RNA interference of PPARgamma using fiber-modified adenovirus vector efficiently suppresses preadipocyte-to-adipocyte differentiation in 3T3-L1 cells.

The peroxisome proliferator-activated receptor (PPAR) gamma is regarded as a "master regulator" of adipocyte differentiation and is abundantly expressed in adipose. To understand the biological role of PPARgamma in adipose, RNA interference (RNAi) of PPARgamma should be a powerful tool. 3T3-L1 cell line serves an excellent model to investigate the mechanism of preadipocyte-to-adipocyte differentiation. However, this cell line is difficult to transfect by plasmid vectors and viral vectors. We optimized the transduction of both 3T3-L1 preadipocytes and adipocytes by means of fiber-modified adenovirus (Ad) vectors. Among the various vectors tested, polylysine modification of the C-terminal of the fiber knob most markedly improved the transduction efficiency in both 3T3-L1 preadipocytes and adipocytes. Then, we examined whether fiber-modified Ad vectors with polylysine peptides expressing the small interfering RNA (siRNA) for PPARgamma inhibit the differentiation of 3T3-L1 preadipocytes into adipocytes.
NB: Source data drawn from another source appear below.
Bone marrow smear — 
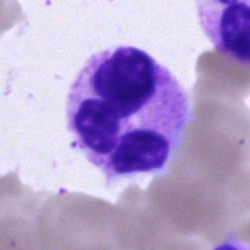 Classification: polymorphonuclear neutrophil.
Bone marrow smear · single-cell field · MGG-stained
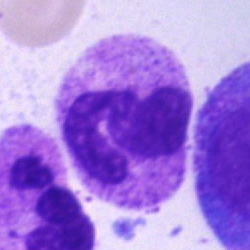

Specimen: bone marrow smear.
Classification: segmented neutrophil.
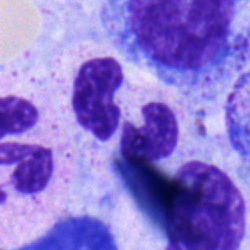

Single cell identified as a polymorphonuclear neutrophil.
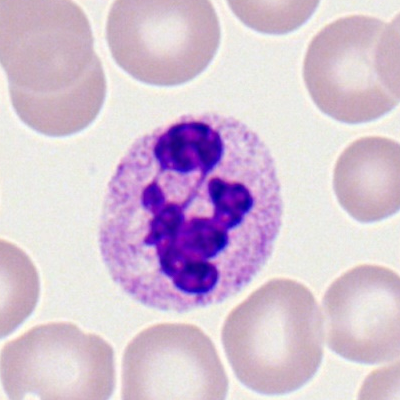 Q: What cell is this?
A: It is a segmented neutrophil.
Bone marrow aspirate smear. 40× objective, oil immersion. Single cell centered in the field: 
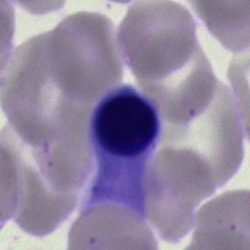Morphology consistent with a normoblast.
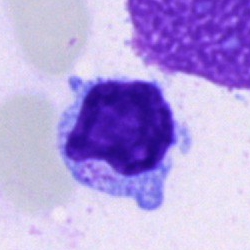 Cell type = typical lymphocyte.
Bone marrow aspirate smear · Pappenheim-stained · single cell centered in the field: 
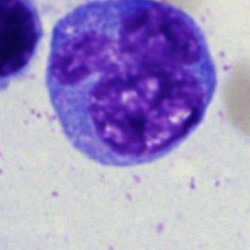 {"cell_type": "stab cell", "lineage": "myeloid"}
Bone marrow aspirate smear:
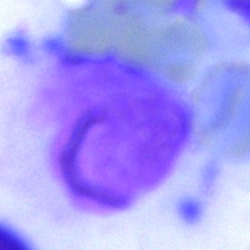Q: What is shown here?
A: This is an artefact.
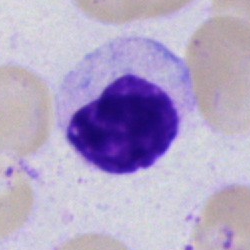The cell is artifact.
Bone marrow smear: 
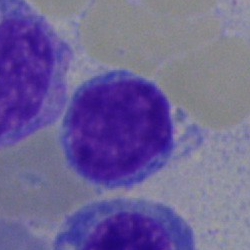
This is a lymphocyte.
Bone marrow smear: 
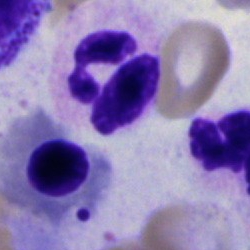

Single cell identified as a segmented neutrophil.
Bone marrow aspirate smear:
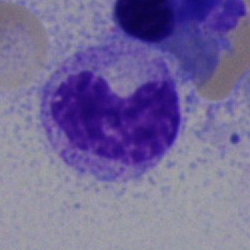 Morphology consistent with a band neutrophil.
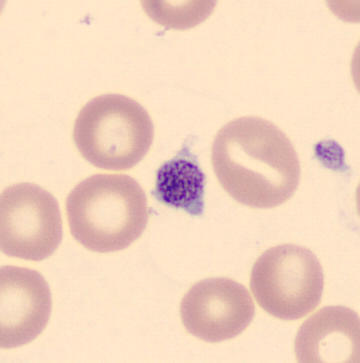Classification = platelet (thrombocyte).
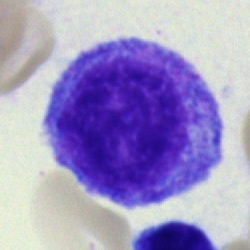

Morphological class = blast.
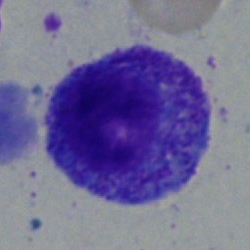
Single cell identified as a promyelocyte.
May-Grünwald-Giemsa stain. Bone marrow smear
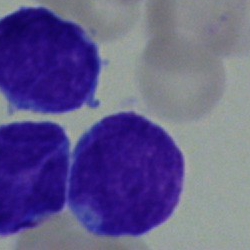 Q: What is shown here?
A: It is a blast.
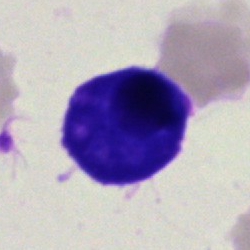

Morphological class — plasmacyte.
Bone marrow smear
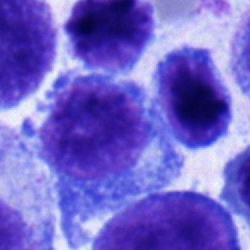

Plasmacyte.
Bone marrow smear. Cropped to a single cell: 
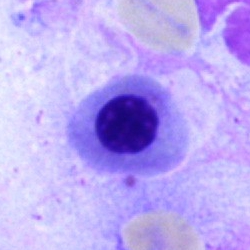Specimen: bone marrow smear.
Classification: nucleated red cell.
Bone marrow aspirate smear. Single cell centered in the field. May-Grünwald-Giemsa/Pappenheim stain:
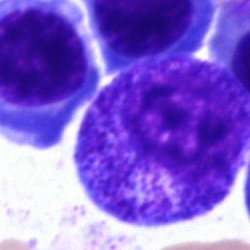The classification is progranulocyte.
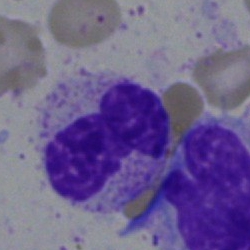 Cell type: band neutrophil.
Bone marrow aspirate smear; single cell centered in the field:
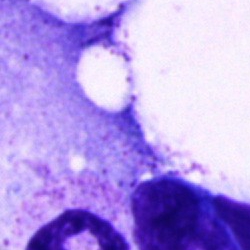Artefact.
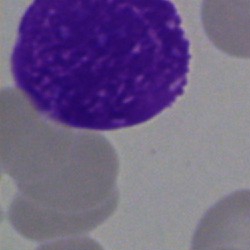

Q: What is shown here?
A: This is an artefact.
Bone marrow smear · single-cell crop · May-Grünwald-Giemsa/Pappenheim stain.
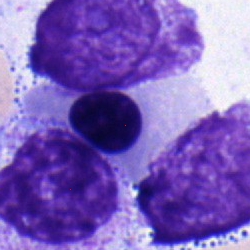 Q: What is shown here?
A: Nucleated red blood cell.
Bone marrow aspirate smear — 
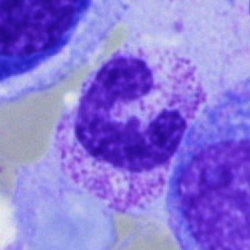
The cell shown is a neutrophil (segmented).
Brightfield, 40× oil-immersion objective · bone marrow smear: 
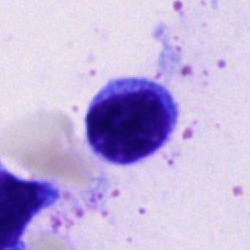The cell is lymphocyte.
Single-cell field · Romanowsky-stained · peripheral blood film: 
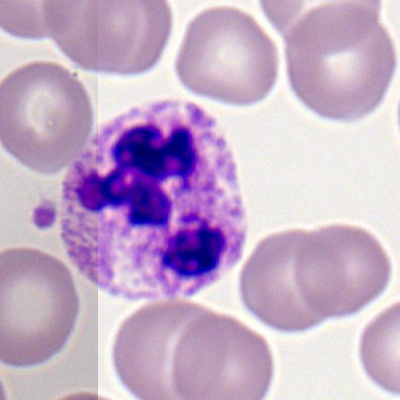
Cell type: neutrophil (segmented).
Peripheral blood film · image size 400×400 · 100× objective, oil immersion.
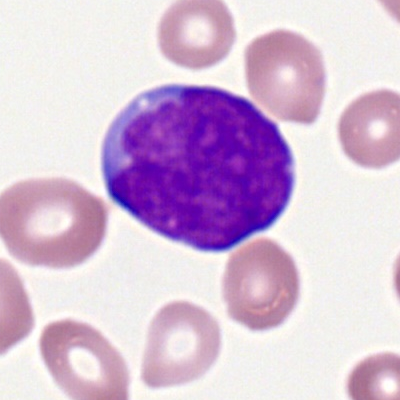

A myeloblast.
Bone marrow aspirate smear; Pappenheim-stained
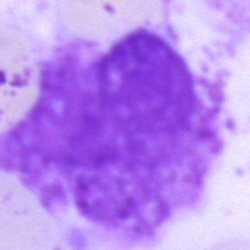Cell: artifact.
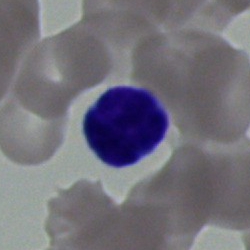

Cell type: typical lymphocyte.
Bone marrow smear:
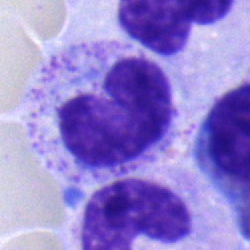

Morphology consistent with a stab cell.
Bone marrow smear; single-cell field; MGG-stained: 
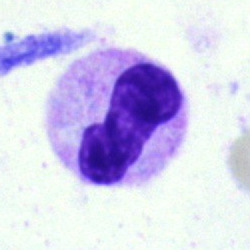This is a band-form neutrophil.
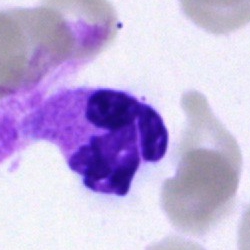

A neutrophil (segmented) on a bone marrow smear.
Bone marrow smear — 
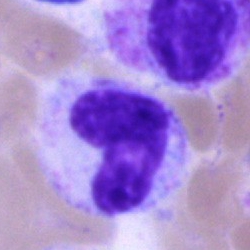 Q: What type of cell is this?
A: Neutrophil (band).
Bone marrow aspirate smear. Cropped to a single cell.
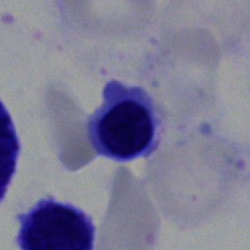 Q: What is the morphological classification of this cell?
A: A nucleated red blood cell.
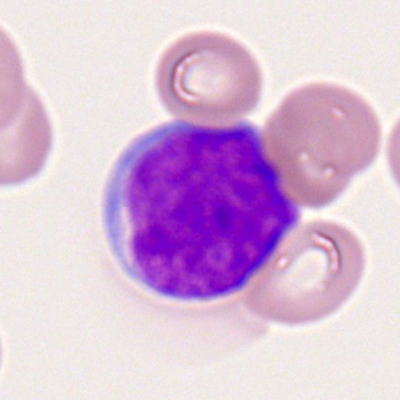

Specimen: peripheral blood film.
Morphological class: myeloid blast.
Lineage: myeloid.
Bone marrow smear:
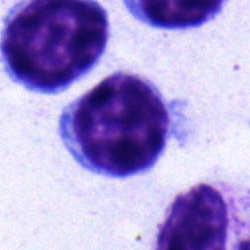 Morphology → typical lymphocyte.
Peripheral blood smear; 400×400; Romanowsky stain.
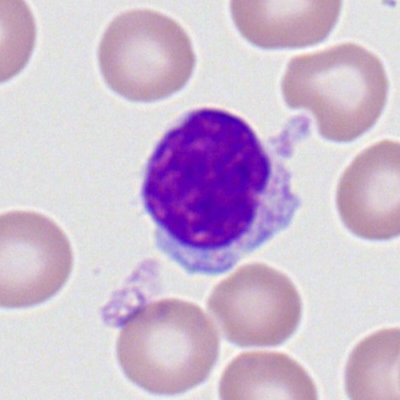 Showing a typical lymphocyte.
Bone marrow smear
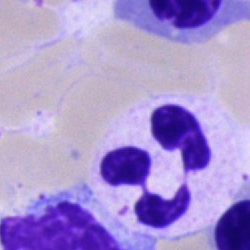Morphology — neutrophil (segmented).
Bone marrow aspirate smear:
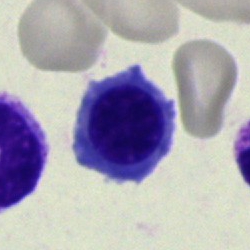 Single cell identified as a normoblast.
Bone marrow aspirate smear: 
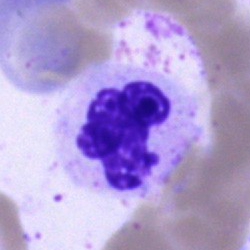

This is a polymorphonuclear neutrophil.
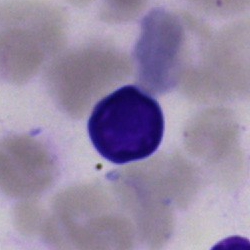

Morphology — typical lymphocyte.
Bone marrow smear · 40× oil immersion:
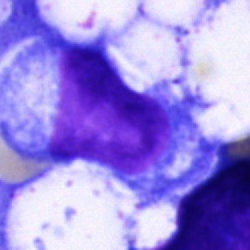

Q: Identify the cell.
A: This is a blast cell.
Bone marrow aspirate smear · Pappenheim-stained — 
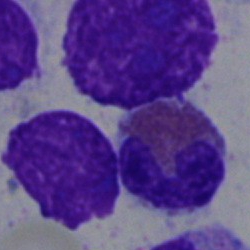 Q: Identify the cell.
A: Eosinophil.
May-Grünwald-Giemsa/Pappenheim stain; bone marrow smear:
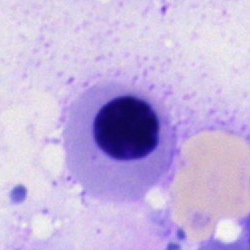
The cell shown is an erythroblast.
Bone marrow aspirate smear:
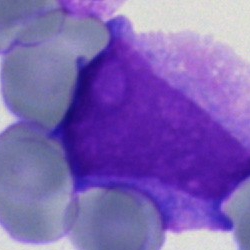
Specimen: bone marrow smear.
Cell: blast cell.
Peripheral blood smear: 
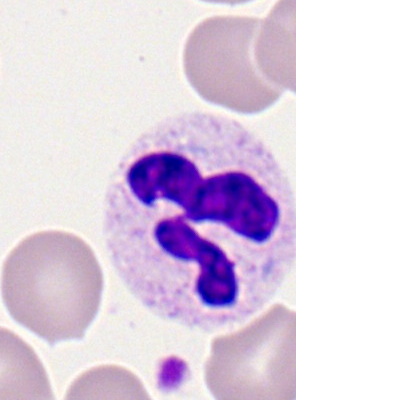
Cell: polymorphonuclear neutrophil.
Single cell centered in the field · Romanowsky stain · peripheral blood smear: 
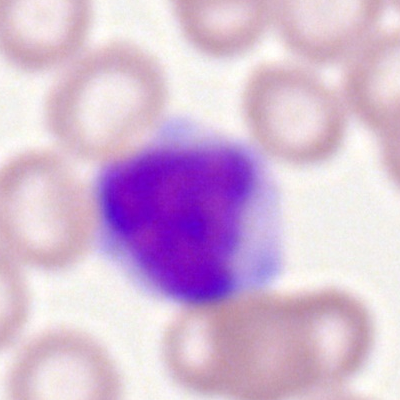Specimen: peripheral blood smear.
Classification: typical lymphocyte.
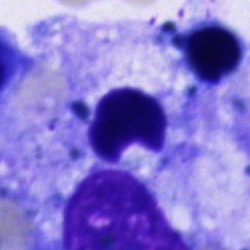Q: What is shown here?
A: An artefact.
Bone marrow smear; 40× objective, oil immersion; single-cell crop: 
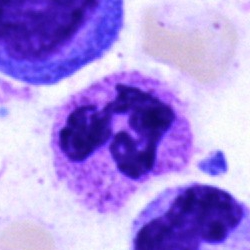
Single cell identified as a polymorphonuclear neutrophil.
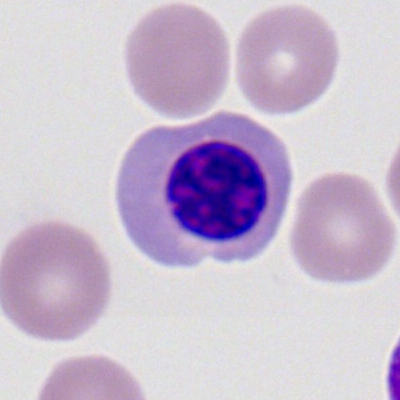

Peripheral blood smear showing a nucleated red blood cell.
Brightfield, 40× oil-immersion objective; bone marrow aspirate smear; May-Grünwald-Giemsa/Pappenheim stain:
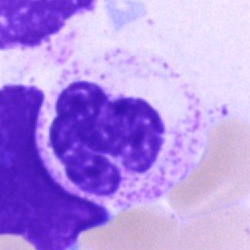Showing a polymorphonuclear neutrophil.
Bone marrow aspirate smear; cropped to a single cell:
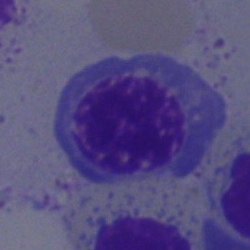
An erythroblast.
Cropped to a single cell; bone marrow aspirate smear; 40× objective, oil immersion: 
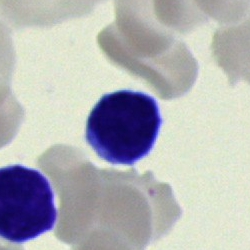
The classification is typical lymphocyte.
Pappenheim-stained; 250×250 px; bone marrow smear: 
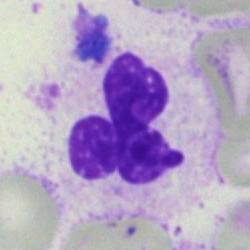Impression → polymorphonuclear neutrophil.
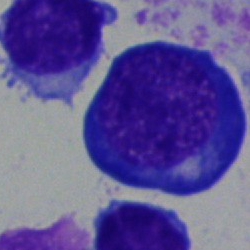Single cell identified as a normoblast.
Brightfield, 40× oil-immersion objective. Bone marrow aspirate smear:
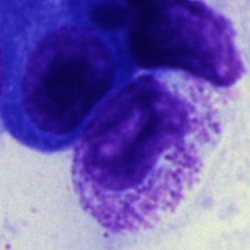
Impression → stab cell.
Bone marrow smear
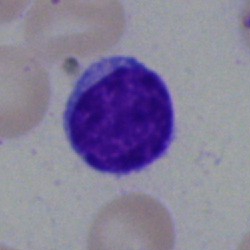

Impression → typical lymphocyte.
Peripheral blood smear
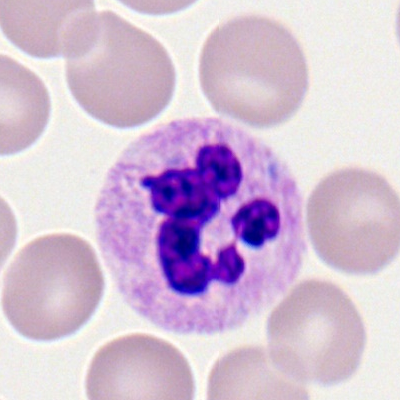
Single cell identified as a segmented neutrophil.
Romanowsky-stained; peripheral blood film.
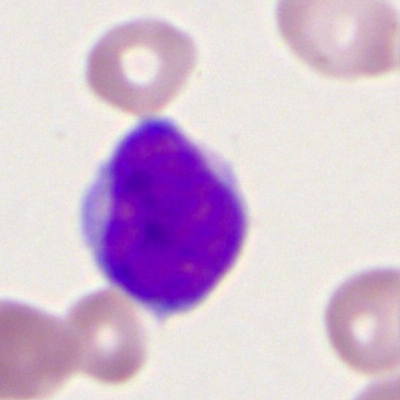 Morphology → myeloid blast.
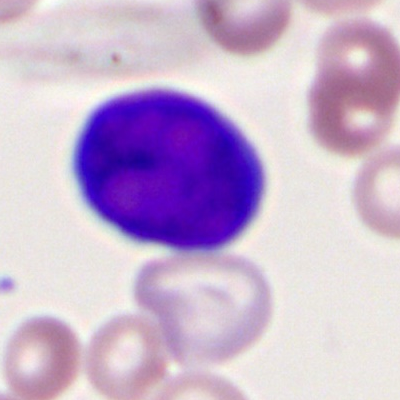 Specimen: peripheral blood film.
Cell: myeloblast.
Lineage: myeloid.
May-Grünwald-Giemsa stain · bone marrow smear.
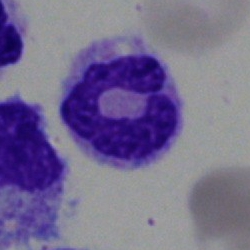 This is a neutrophil (segmented).
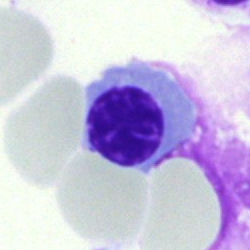 Specimen: bone marrow smear.
Cell type: normoblast.
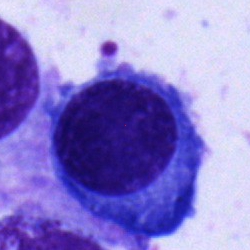The cell type is plasma cell.
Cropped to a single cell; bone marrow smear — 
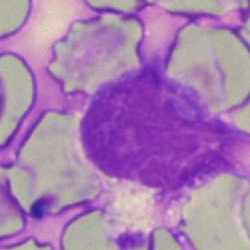

An artifact.
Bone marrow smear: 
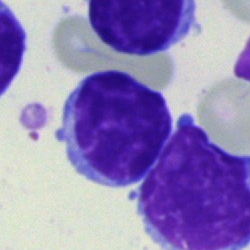 Morphology — typical lymphocyte.
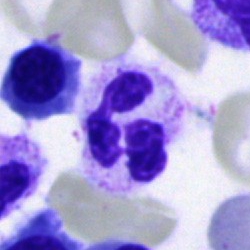

{"cell_type": "segmented neutrophil", "lineage": "myeloid"}
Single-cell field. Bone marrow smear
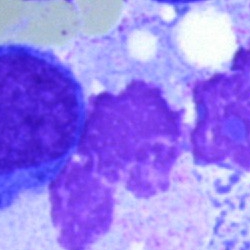

Impression — artifact.
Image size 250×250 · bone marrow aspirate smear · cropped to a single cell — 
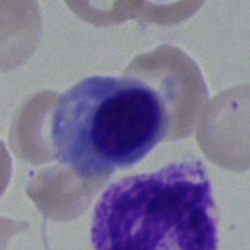Q: Which cell type is shown here?
A: An erythroblast.
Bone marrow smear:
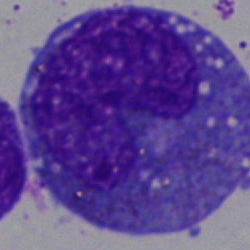

Q: Which cell type is shown here?
A: Monocyte.

Oil red O staining and measurement of glycerol-3-phosphate dehydrogenase (GPDH) activity indicated that the vectors effectively suppressed the differentiation of 3T3-L1 preadipocytes to adipocytes. These results suggested that the combination of fiber-modified Ad vectors containing polylysine peptides and RNAi is an effective tool for the study of the biological and physiological mechanism of adipogenesis in adiposity and diabetes using 3T3-L1 models. Ad vector-mediated RNAi for PPARgamma should also be useful to clarify the biological role of the PPARgamma pathway in various tissues in addition to adipose and for therapeutic application to a variety of diseases, including adiposity and diabetes.